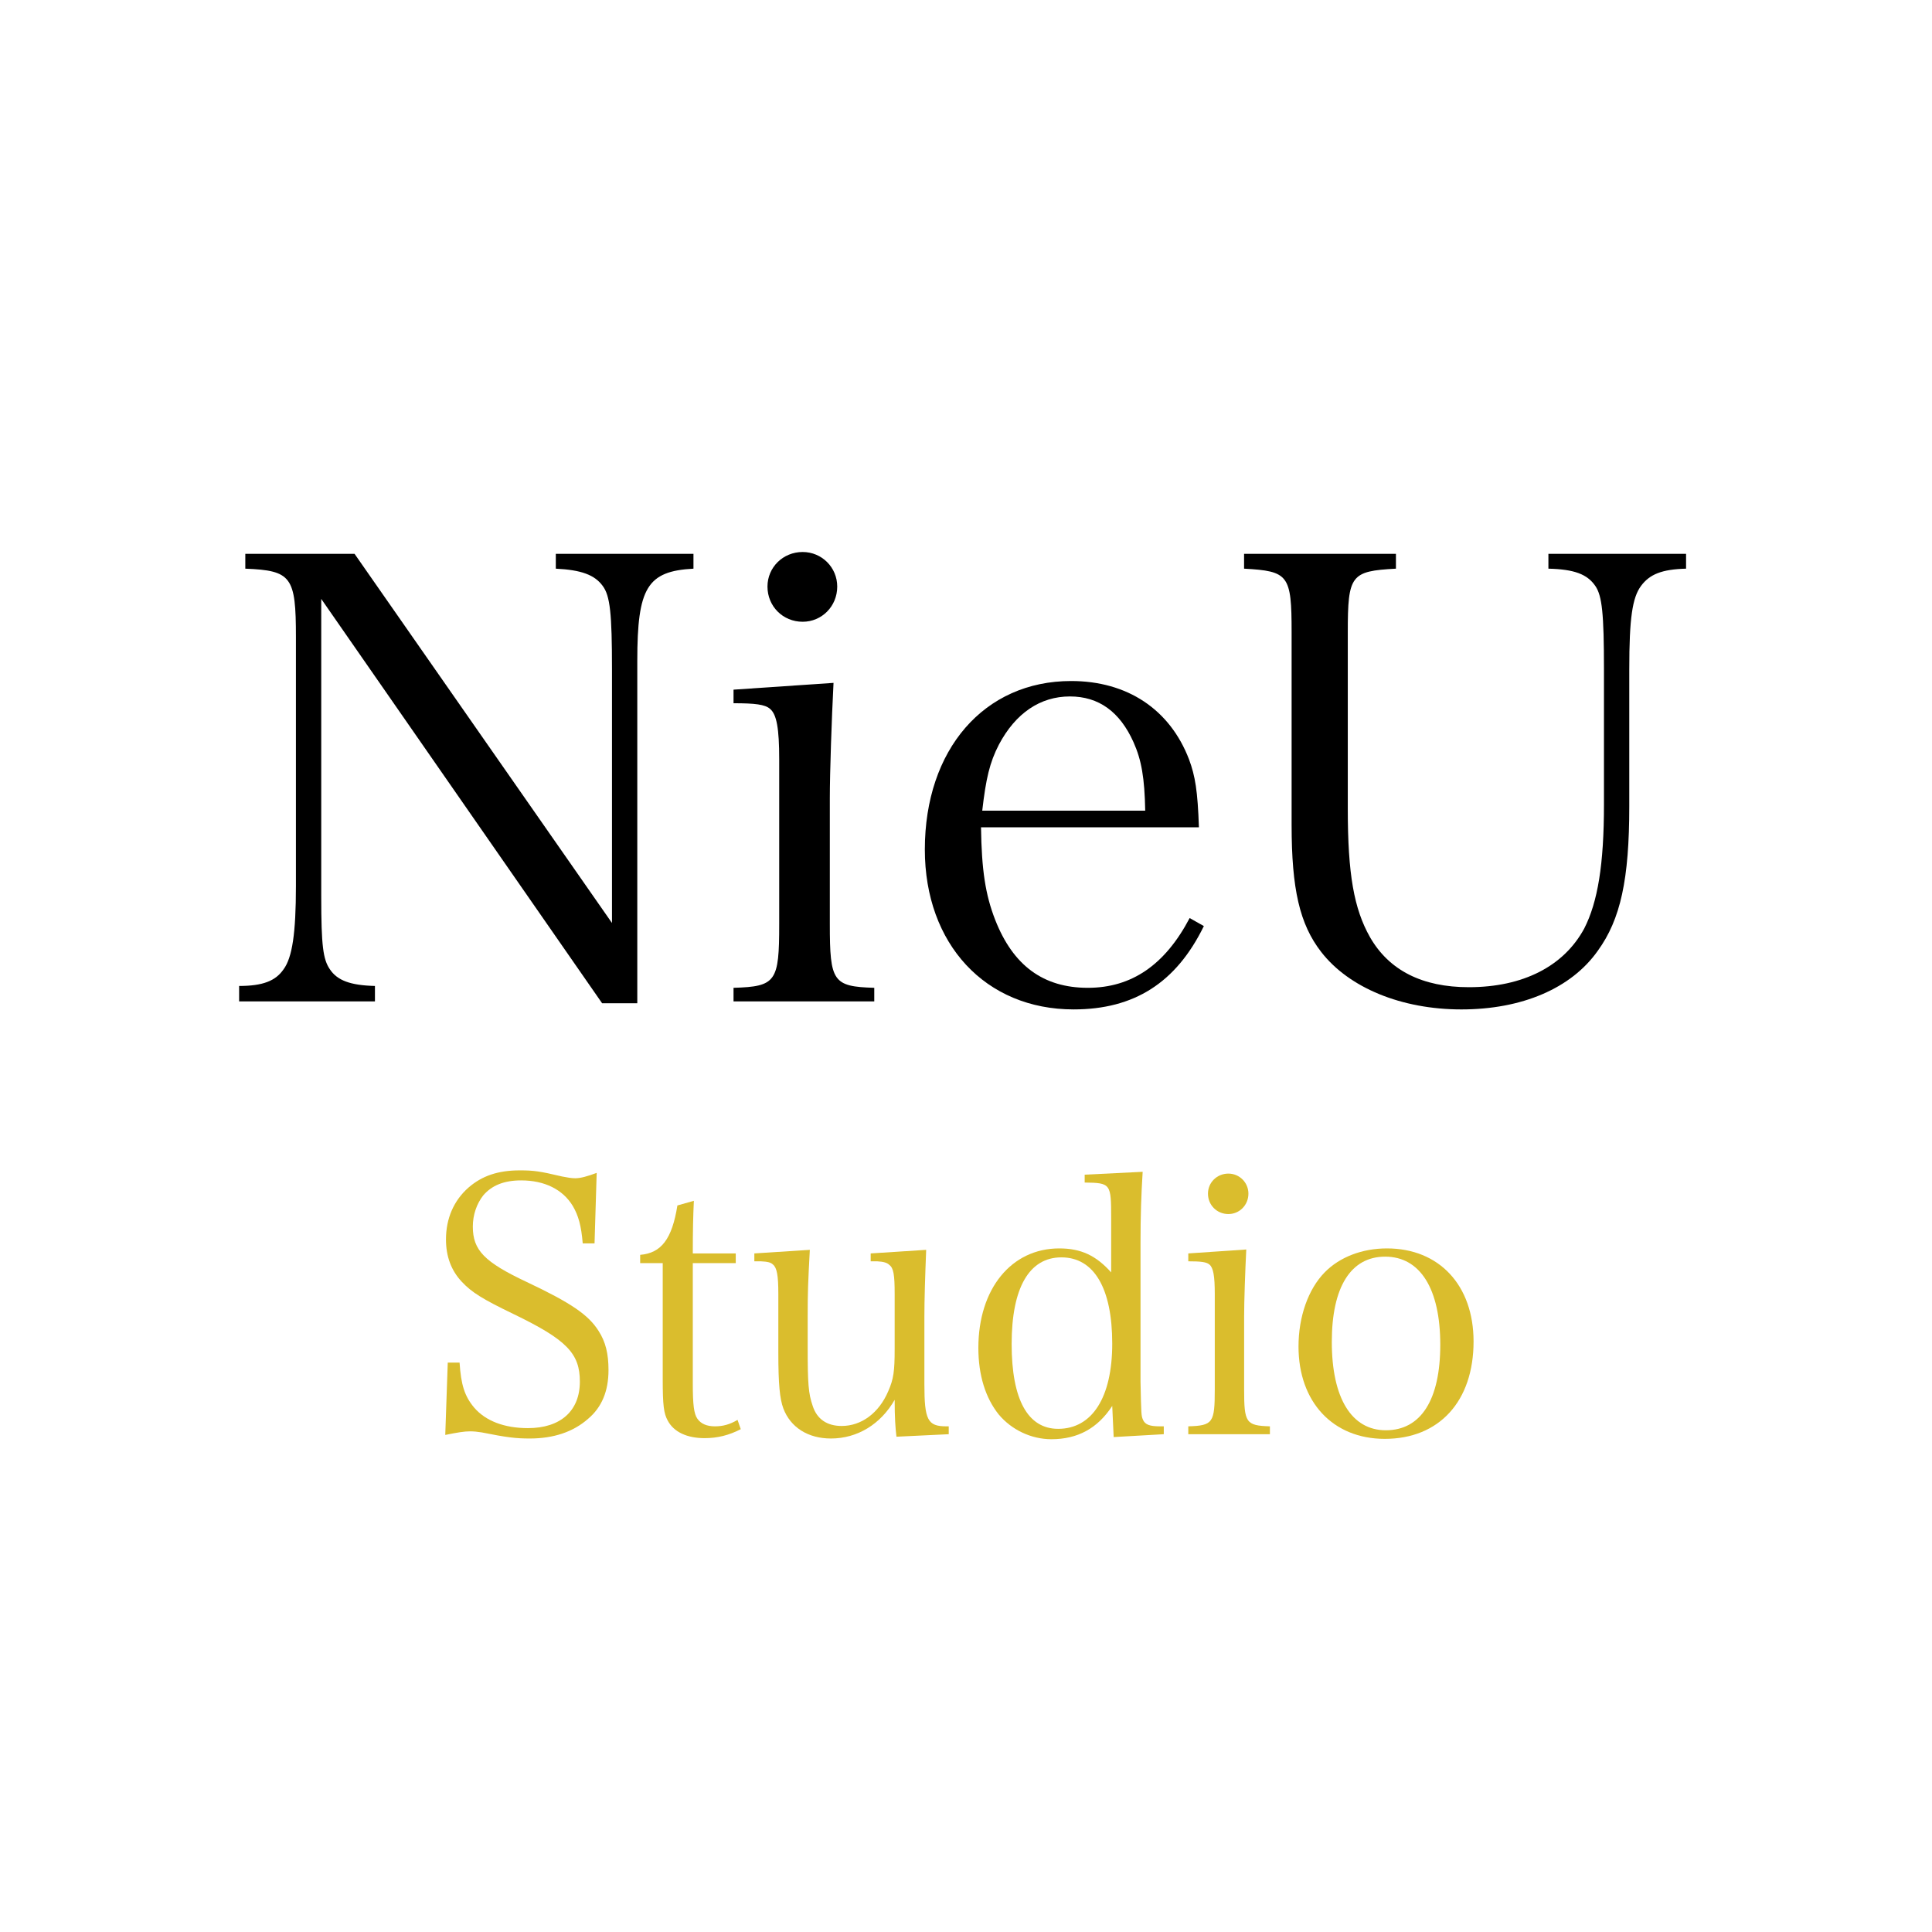 <svg width="217" height="217" viewBox="0 0 217 217" fill="none" xmlns="http://www.w3.org/2000/svg">
<rect width="217" height="217" fill="white"/>
<path d="M139.733 62.208H156.79V63.872C151.728 64.149 151.382 64.565 151.382 71.013V90.843C151.382 98.192 152.075 102.075 153.878 105.264C156.027 109.009 159.771 110.881 164.971 110.881C171.072 110.881 175.648 108.523 177.936 104.294C179.462 101.312 180.155 97.083 180.155 90.358V75.174C180.155 68.933 179.947 66.923 179.184 65.813C178.283 64.496 176.827 63.941 173.915 63.872V62.208H189.377V63.872C186.673 63.941 185.286 64.496 184.315 65.813C183.345 67.131 182.998 69.419 182.998 75.174V90.566C182.998 98.747 182.027 103.254 179.462 106.79C176.48 111.019 170.934 113.377 164.139 113.377C157.414 113.377 151.52 110.95 148.4 106.928C145.974 103.808 145.072 99.856 145.072 92.646V71.013C145.072 64.565 144.726 64.149 139.733 63.872V62.208Z" fill="black"/>
<path d="M134.661 92.923H110.186C110.256 97.707 110.672 100.48 111.781 103.323C113.792 108.454 117.189 110.95 122.181 110.95C127.104 110.95 130.848 108.384 133.621 103.115L135.216 104.016C132.096 110.395 127.381 113.376 120.586 113.376C110.672 113.376 103.877 106.027 103.877 95.419C103.877 84.187 110.533 76.491 120.309 76.491C126.618 76.491 131.403 79.68 133.552 85.296C134.245 87.168 134.523 88.832 134.661 92.923ZM110.325 91.051H128.629C128.56 87.376 128.213 85.365 127.312 83.355C125.786 79.957 123.429 78.224 120.17 78.224C116.842 78.224 114.069 80.096 112.197 83.632C111.157 85.643 110.741 87.446 110.325 91.051Z" fill="black"/>
<path d="M82.389 77.462L93.621 76.699C93.413 80.72 93.205 86.752 93.205 89.664V103.808C93.205 110.256 93.552 110.811 98.197 110.95V112.475H82.389V110.95C87.173 110.811 87.519 110.256 87.519 103.808V85.296C87.519 81.829 87.242 80.235 86.48 79.611C85.925 79.126 84.816 78.987 82.389 78.987V77.462ZM86.202 65.883C86.202 63.733 87.936 62 90.154 62C92.304 62 94.037 63.733 94.037 65.883C94.037 68.101 92.304 69.835 90.154 69.835C87.936 69.835 86.202 68.101 86.202 65.883Z" fill="black"/>
<path d="M36.081 67.269V100.688C36.081 106.235 36.289 107.76 37.051 108.87C37.883 110.118 39.339 110.673 42.113 110.742V112.475H26.859V110.742C29.494 110.742 30.95 110.187 31.851 108.87C32.822 107.552 33.238 104.848 33.238 99.51V71.568C33.238 64.773 32.753 64.08 27.553 63.872V62.208H39.825L68.737 103.67V75.174C68.737 68.933 68.529 66.923 67.697 65.813C66.796 64.565 65.27 64.011 62.428 63.872V62.208H77.889V63.872C72.689 64.149 71.58 66.021 71.58 74.203V112.683H67.628L36.081 67.269Z" fill="black"/>
<path d="M145.847 151.237C145.847 147.9 146.933 144.804 148.783 142.914C150.471 141.185 153.004 140.22 155.779 140.22C161.649 140.22 165.509 144.362 165.509 150.674C165.509 157.389 161.649 161.611 155.537 161.611C149.707 161.611 145.847 157.47 145.847 151.237ZM149.587 150.715C149.587 157.027 151.798 160.646 155.658 160.646C159.598 160.646 161.77 157.228 161.77 151.036C161.77 144.764 159.518 141.145 155.578 141.145C151.718 141.145 149.587 144.563 149.587 150.715Z" fill="#DABD2D"/>
<path d="M133.467 140.783L139.98 140.341C139.86 142.673 139.739 146.171 139.739 147.86V156.062C139.739 159.802 139.94 160.123 142.634 160.204V161.088H133.467V160.204C136.241 160.123 136.442 159.802 136.442 156.062V145.327C136.442 143.316 136.281 142.392 135.839 142.03C135.517 141.748 134.874 141.668 133.467 141.668V140.783ZM135.678 134.069C135.678 132.822 136.683 131.817 137.97 131.817C139.216 131.817 140.221 132.822 140.221 134.069C140.221 135.355 139.216 136.361 137.97 136.361C136.683 136.361 135.678 135.355 135.678 134.069Z" fill="#DABD2D"/>
<path d="M121.83 131.938L128.343 131.616C128.182 134.189 128.102 136.521 128.102 139.617V155.178C128.182 158.957 128.182 158.997 128.383 159.48C128.625 160.003 129.107 160.204 130.273 160.204H130.715V161.088L125.086 161.41L124.925 157.912C123.277 160.445 121.025 161.651 118.09 161.651C115.839 161.651 113.627 160.606 112.18 158.877C110.692 157.027 109.888 154.454 109.888 151.398C109.888 144.764 113.587 140.22 118.975 140.22C121.427 140.22 123.116 141.025 124.805 142.914V136.843C124.805 132.943 124.765 132.862 121.83 132.822V131.938ZM124.925 150.916C124.925 144.684 122.875 141.226 119.216 141.226C115.597 141.226 113.627 144.643 113.627 150.956C113.627 157.188 115.436 160.485 118.854 160.485C122.674 160.485 124.925 156.947 124.925 150.916Z" fill="#DABD2D"/>
<path d="M106.56 161.088L100.689 161.37C100.569 160.405 100.488 159.198 100.488 157.228C98.92 159.962 96.307 161.571 93.331 161.571C90.758 161.571 88.788 160.324 87.984 158.193C87.582 157.108 87.421 155.459 87.421 151.961V145.327C87.421 143.236 87.26 142.392 86.818 142.03C86.576 141.788 86.215 141.708 85.451 141.668C84.928 141.668 84.928 141.668 84.727 141.668V140.783L90.959 140.381C90.758 144.121 90.718 145.086 90.718 147.86V151.358C90.718 155.419 90.798 156.505 91.281 157.912C91.763 159.399 92.889 160.163 94.538 160.163C96.749 160.163 98.719 158.716 99.765 156.263C100.368 154.896 100.488 154.012 100.488 151.519V145.327C100.488 143.196 100.368 142.432 99.885 142.07C99.644 141.829 99.242 141.708 98.518 141.668H97.794V140.783L104.027 140.381C103.906 143.397 103.826 146.051 103.826 147.86V155.459C103.826 159.48 104.187 160.204 106.278 160.204H106.56V161.088Z" fill="#DABD2D"/>
<path d="M77.814 141.869V155.379C77.814 157.751 77.934 158.796 78.336 159.359C78.738 159.922 79.382 160.204 80.306 160.204C81.191 160.204 81.955 160.003 82.84 159.48L83.201 160.525C81.875 161.209 80.588 161.531 79.141 161.531C77.17 161.531 75.683 160.847 74.999 159.56C74.557 158.756 74.436 157.872 74.436 154.896V141.869H71.903V140.944C74.275 140.743 75.482 139.175 76.085 135.396L77.934 134.873C77.854 136.602 77.814 138.13 77.814 140.783H82.639V141.869H77.814Z" fill="#DABD2D"/>
<path d="M50.011 161.169L50.292 153.047H51.619C51.78 155.54 52.182 156.826 53.268 158.113C54.554 159.601 56.645 160.405 59.299 160.405C62.958 160.405 65.129 158.475 65.129 155.178C65.129 152.001 63.642 150.473 57.651 147.578C54.233 145.93 52.986 145.166 51.861 143.96C50.695 142.713 50.092 141.145 50.092 139.215C50.092 136.843 50.976 134.833 52.624 133.385C54.152 132.058 55.962 131.455 58.374 131.455C59.902 131.455 60.586 131.536 63.119 132.139C63.722 132.259 64.204 132.34 64.606 132.34C65.21 132.34 65.933 132.139 67.019 131.737L66.778 139.658H65.451C65.29 137.687 64.968 136.521 64.325 135.436C63.199 133.586 61.149 132.581 58.535 132.581C56.605 132.581 55.238 133.144 54.273 134.27C53.549 135.195 53.107 136.441 53.107 137.768C53.107 140.422 54.394 141.748 59.178 144C64.204 146.372 66.094 147.699 67.22 149.468C68.024 150.715 68.346 152.042 68.346 153.891C68.346 156.263 67.582 158.073 66.054 159.359C64.365 160.847 62.154 161.571 59.5 161.571C57.932 161.571 56.927 161.45 54.112 160.887C53.63 160.807 53.188 160.767 52.785 160.767C52.142 160.767 51.418 160.887 50.011 161.169Z" fill="#DABD2D"/>
</svg>

----------

(TASK STATEMENT) For this exercise, please output exactly the lines above starting at the line with "92.923H110.186C110.256 97.707 110.672" and ending at the line with "67.269V100.688C36.081 106.235 36.289", ends included.

(ANSWER TO THIS PROBLEM)
<path d="M134.661 92.923H110.186C110.256 97.707 110.672 100.48 111.781 103.323C113.792 108.454 117.189 110.95 122.181 110.95C127.104 110.95 130.848 108.384 133.621 103.115L135.216 104.016C132.096 110.395 127.381 113.376 120.586 113.376C110.672 113.376 103.877 106.027 103.877 95.419C103.877 84.187 110.533 76.491 120.309 76.491C126.618 76.491 131.403 79.68 133.552 85.296C134.245 87.168 134.523 88.832 134.661 92.923ZM110.325 91.051H128.629C128.56 87.376 128.213 85.365 127.312 83.355C125.786 79.957 123.429 78.224 120.17 78.224C116.842 78.224 114.069 80.096 112.197 83.632C111.157 85.643 110.741 87.446 110.325 91.051Z" fill="black"/>
<path d="M82.389 77.462L93.621 76.699C93.413 80.72 93.205 86.752 93.205 89.664V103.808C93.205 110.256 93.552 110.811 98.197 110.95V112.475H82.389V110.95C87.173 110.811 87.519 110.256 87.519 103.808V85.296C87.519 81.829 87.242 80.235 86.48 79.611C85.925 79.126 84.816 78.987 82.389 78.987V77.462ZM86.202 65.883C86.202 63.733 87.936 62 90.154 62C92.304 62 94.037 63.733 94.037 65.883C94.037 68.101 92.304 69.835 90.154 69.835C87.936 69.835 86.202 68.101 86.202 65.883Z" fill="black"/>
<path d="M36.081 67.269V100.688C36.081 106.235 36.289 107.76 37.051 108.87C37.883 110.118 39.339 110.673 42.113 110.742V112.475H26.859V110.742C29.494 110.742 30.95 110.187 31.851 108.87C32.822 107.552 33.238 104.848 33.238 99.51V71.568C33.238 64.773 32.753 64.08 27.553 63.872V62.208H39.825L68.737 103.67V75.174C68.737 68.933 68.529 66.923 67.697 65.813C66.796 64.565 65.27 64.011 62.428 63.872V62.208H77.889V63.872C72.689 64.149 71.58 66.021 71.58 74.203V112.683H67.628L36.081 67.269Z" fill="black"/>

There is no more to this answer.